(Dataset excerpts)
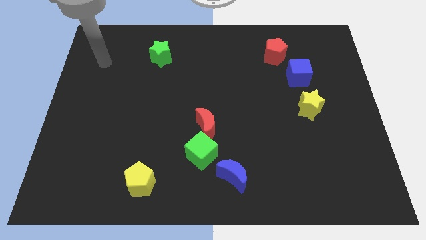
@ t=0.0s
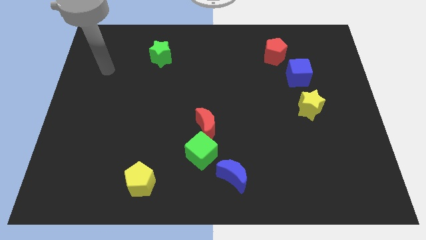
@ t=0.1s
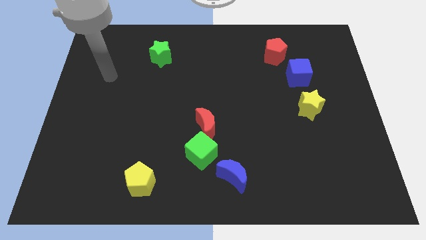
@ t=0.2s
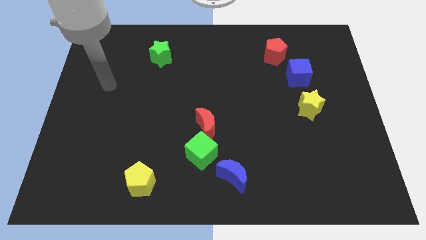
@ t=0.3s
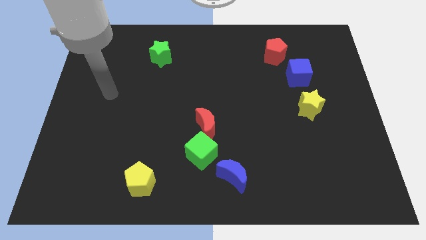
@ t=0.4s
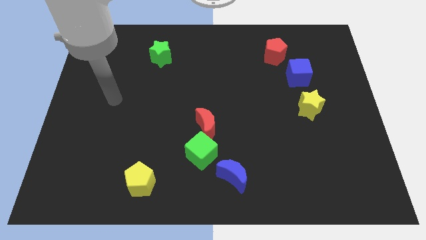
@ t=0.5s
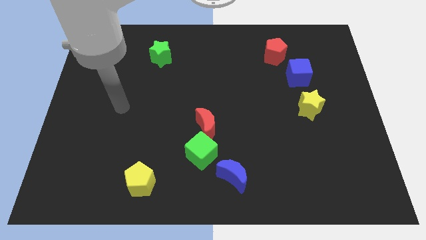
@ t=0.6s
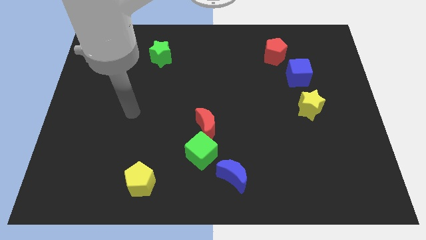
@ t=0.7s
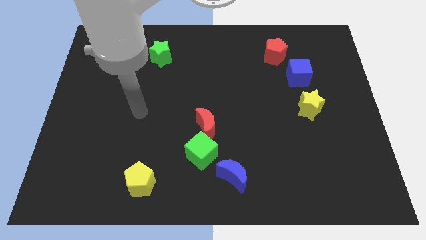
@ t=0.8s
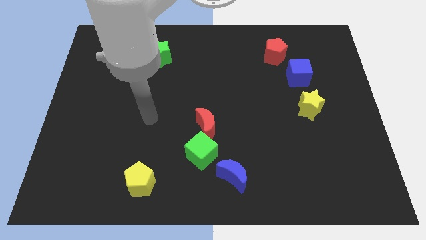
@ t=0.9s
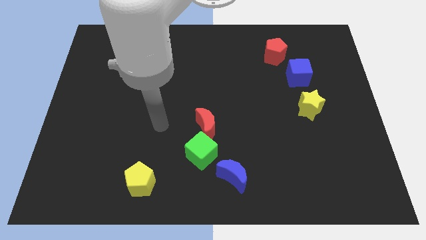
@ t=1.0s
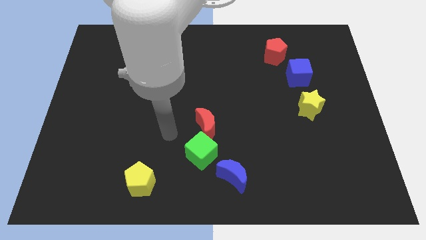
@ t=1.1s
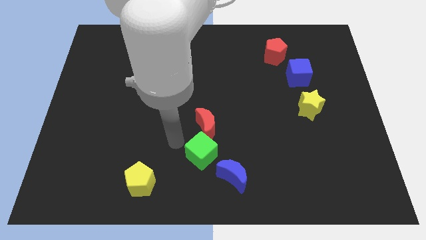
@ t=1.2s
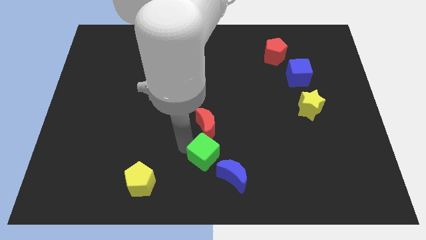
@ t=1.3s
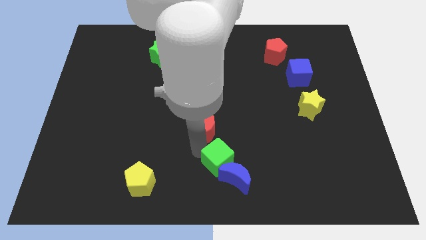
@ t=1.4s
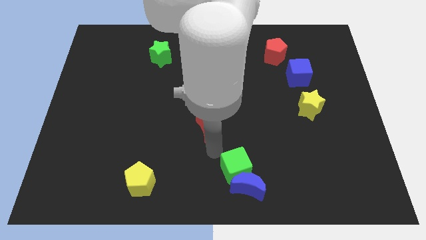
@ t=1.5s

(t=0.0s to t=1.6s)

▶ **WHAT TO WORK ON**
Set every entry down again exactly as written, and omit the images.

▶ **ANSWER SPACE**
@ t=0.0s
@ t=0.1s
@ t=0.2s
@ t=0.3s
@ t=0.4s
@ t=0.5s
@ t=0.6s
@ t=0.7s
@ t=0.8s
@ t=0.9s
@ t=1.0s
@ t=1.1s
@ t=1.2s
@ t=1.3s
@ t=1.4s
@ t=1.5s

(t=0.0s to t=1.6s)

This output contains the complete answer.